▶ **What the exercise asks**
The lines to reproduce run from the first one below to the line containing "12.5C4.874 12.5 3.816", both included. Reproduce them exactly and nothing else.

▶ **Material shown**
☆ ☆ ☆ ☆ ☆ ☆ ☆
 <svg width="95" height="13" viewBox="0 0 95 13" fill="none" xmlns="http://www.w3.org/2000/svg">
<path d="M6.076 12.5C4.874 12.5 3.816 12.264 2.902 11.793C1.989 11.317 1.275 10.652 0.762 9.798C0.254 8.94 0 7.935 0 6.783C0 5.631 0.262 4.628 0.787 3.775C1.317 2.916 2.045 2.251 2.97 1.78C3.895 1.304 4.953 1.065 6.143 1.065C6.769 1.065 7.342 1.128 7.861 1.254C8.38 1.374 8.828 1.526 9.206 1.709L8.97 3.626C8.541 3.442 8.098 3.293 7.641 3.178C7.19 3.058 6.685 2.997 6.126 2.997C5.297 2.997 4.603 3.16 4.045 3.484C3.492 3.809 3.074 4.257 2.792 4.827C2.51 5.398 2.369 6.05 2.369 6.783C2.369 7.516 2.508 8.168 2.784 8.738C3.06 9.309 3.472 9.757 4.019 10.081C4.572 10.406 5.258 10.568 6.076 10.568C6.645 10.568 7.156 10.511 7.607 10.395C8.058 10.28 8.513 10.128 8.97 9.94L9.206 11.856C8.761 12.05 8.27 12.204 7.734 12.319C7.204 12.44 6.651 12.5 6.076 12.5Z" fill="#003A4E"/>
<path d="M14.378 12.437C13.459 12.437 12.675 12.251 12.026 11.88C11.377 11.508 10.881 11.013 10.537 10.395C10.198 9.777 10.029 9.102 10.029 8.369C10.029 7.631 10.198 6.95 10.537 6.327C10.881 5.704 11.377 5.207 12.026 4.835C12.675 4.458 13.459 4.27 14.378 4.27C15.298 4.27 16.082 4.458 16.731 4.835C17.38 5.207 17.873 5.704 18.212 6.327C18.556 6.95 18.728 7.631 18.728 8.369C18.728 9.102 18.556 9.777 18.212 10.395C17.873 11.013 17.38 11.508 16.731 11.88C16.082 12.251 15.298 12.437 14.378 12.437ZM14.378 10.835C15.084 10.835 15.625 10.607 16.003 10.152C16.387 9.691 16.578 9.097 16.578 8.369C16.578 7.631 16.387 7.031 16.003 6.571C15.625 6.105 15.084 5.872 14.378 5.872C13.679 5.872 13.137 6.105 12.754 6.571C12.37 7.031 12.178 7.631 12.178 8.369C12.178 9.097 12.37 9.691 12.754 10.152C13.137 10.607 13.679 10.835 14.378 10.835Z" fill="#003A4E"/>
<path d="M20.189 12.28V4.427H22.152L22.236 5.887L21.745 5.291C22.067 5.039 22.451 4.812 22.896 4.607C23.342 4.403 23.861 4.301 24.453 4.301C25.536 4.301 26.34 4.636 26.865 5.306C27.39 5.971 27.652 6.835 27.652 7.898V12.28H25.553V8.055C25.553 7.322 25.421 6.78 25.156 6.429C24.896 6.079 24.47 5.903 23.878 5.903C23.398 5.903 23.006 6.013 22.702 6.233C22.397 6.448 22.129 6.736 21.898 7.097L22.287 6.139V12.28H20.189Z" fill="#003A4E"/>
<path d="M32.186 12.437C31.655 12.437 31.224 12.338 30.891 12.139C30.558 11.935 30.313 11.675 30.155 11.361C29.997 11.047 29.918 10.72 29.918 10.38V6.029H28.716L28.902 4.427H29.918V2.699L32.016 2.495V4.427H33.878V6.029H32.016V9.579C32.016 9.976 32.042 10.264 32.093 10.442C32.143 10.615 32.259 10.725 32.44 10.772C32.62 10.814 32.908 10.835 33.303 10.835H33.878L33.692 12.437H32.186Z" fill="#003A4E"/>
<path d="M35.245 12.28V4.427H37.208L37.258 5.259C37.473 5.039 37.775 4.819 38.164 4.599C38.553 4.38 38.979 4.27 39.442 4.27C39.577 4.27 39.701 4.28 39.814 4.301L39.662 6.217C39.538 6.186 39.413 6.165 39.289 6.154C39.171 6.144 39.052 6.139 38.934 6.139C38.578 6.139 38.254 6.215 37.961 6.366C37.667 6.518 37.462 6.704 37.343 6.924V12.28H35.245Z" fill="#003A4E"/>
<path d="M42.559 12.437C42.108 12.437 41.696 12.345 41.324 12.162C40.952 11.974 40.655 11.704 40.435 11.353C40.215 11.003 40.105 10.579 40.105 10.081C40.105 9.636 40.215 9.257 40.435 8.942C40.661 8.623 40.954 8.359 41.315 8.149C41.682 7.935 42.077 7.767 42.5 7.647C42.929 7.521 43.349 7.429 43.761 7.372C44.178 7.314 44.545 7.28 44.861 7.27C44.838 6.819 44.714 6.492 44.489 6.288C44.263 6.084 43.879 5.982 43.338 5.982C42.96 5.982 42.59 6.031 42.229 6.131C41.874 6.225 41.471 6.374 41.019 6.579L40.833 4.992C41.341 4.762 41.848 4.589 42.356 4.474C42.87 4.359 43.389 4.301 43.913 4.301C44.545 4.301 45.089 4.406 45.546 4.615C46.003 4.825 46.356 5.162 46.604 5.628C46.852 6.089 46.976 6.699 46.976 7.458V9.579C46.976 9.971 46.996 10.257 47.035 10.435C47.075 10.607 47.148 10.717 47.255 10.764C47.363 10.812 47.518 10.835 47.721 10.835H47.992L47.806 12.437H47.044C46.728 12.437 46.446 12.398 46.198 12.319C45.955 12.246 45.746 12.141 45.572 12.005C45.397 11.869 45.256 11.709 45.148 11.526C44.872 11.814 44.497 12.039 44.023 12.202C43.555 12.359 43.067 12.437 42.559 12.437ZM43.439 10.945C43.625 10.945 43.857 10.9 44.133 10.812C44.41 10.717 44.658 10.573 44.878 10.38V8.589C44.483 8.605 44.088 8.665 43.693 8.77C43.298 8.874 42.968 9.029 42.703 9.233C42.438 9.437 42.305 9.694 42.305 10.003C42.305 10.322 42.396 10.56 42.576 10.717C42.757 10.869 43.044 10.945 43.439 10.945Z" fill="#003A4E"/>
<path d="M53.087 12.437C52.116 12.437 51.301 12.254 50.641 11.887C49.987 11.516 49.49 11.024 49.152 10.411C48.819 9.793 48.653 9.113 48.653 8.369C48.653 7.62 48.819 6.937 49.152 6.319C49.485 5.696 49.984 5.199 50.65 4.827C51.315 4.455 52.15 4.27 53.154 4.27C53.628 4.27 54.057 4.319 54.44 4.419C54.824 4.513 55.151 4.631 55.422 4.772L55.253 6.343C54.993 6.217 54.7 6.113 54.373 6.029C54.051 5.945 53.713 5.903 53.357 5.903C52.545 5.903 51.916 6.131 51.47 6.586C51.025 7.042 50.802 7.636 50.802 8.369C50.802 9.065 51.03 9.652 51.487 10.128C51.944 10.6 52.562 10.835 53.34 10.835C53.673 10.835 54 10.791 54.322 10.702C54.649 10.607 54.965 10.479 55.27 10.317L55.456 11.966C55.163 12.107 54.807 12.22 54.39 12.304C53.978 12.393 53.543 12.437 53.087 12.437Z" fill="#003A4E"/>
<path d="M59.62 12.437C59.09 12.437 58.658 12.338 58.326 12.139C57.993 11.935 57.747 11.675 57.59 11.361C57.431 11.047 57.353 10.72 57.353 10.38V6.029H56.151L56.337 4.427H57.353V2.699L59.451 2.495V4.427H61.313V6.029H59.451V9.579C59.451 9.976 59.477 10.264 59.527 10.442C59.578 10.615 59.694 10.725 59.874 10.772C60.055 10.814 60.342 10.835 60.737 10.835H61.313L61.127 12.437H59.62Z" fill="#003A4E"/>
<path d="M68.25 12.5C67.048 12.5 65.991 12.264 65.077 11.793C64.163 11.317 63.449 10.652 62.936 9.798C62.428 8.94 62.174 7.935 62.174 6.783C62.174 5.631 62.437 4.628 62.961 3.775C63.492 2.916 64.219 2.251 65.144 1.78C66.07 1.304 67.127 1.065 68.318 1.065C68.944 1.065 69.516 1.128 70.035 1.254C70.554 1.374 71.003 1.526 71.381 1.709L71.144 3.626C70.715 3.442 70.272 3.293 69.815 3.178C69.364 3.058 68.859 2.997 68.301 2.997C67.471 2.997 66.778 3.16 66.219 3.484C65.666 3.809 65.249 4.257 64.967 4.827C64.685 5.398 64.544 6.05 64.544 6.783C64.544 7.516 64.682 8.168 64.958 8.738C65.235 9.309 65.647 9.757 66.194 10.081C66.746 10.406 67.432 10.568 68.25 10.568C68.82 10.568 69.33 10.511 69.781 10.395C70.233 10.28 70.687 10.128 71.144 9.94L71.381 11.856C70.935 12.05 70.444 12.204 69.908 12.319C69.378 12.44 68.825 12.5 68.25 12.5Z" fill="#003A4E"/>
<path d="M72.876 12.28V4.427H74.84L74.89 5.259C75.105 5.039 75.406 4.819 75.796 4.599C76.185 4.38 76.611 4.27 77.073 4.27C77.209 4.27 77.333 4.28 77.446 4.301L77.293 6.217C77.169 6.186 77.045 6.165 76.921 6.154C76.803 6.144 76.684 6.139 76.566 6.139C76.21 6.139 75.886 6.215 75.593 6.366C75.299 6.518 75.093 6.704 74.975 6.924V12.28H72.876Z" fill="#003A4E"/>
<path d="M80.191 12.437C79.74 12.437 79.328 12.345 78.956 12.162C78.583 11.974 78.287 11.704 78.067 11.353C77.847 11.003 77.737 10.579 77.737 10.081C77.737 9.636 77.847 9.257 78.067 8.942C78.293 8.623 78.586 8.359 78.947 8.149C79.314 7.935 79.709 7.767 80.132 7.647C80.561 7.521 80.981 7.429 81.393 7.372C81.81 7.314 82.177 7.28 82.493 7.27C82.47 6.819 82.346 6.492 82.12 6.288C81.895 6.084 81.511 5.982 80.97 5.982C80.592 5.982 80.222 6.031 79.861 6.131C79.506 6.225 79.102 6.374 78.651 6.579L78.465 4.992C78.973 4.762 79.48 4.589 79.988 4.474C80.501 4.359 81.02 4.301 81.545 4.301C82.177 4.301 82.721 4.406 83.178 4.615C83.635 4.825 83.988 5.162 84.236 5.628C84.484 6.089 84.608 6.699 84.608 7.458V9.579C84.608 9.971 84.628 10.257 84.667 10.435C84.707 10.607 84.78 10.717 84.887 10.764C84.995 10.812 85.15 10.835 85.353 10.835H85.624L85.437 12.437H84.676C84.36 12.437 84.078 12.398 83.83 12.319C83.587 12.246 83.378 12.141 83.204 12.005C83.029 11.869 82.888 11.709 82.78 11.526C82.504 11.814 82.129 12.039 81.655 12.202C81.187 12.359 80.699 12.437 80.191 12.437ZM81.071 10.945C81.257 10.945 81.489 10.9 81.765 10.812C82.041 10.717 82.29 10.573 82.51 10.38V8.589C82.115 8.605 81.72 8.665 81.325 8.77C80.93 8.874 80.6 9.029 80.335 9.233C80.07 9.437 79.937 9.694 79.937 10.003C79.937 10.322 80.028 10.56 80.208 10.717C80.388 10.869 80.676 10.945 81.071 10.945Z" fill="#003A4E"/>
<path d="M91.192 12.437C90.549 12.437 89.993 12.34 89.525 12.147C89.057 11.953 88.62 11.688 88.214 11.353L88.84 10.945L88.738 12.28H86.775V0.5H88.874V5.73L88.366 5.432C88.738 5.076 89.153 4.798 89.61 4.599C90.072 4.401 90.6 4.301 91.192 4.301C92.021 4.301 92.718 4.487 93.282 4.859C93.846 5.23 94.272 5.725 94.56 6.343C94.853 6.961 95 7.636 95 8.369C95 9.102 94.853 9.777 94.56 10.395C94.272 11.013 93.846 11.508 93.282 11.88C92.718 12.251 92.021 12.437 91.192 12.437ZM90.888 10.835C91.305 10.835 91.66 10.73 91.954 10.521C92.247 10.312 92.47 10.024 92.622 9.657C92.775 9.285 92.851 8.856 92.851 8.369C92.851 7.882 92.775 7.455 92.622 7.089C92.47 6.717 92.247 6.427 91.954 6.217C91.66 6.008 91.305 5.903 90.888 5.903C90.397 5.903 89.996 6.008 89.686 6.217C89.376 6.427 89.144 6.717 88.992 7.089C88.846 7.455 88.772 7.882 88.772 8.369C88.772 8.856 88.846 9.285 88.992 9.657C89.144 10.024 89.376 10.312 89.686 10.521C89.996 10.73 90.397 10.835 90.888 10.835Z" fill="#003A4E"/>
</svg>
☆ ☆ ☆ ☆ ☆ ☆ ☆
▶ **Completed task**
 <svg width="95" height="13" viewBox="0 0 95 13" fill="none" xmlns="http://www.w3.org/2000/svg">
<path d="M6.076 12.5C4.874 12.5 3.816 12.264 2.902 11.793C1.989 11.317 1.275 10.652 0.762 9.798C0.254 8.94 0 7.935 0 6.783C0 5.631 0.262 4.628 0.787 3.775C1.317 2.916 2.045 2.251 2.97 1.78C3.895 1.304 4.953 1.065 6.143 1.065C6.769 1.065 7.342 1.128 7.861 1.254C8.38 1.374 8.828 1.526 9.206 1.709L8.97 3.626C8.541 3.442 8.098 3.293 7.641 3.178C7.19 3.058 6.685 2.997 6.126 2.997C5.297 2.997 4.603 3.16 4.045 3.484C3.492 3.809 3.074 4.257 2.792 4.827C2.51 5.398 2.369 6.05 2.369 6.783C2.369 7.516 2.508 8.168 2.784 8.738C3.06 9.309 3.472 9.757 4.019 10.081C4.572 10.406 5.258 10.568 6.076 10.568C6.645 10.568 7.156 10.511 7.607 10.395C8.058 10.28 8.513 10.128 8.97 9.94L9.206 11.856C8.761 12.05 8.27 12.204 7.734 12.319C7.204 12.44 6.651 12.5 6.076 12.5Z" fill="#003A4E"/>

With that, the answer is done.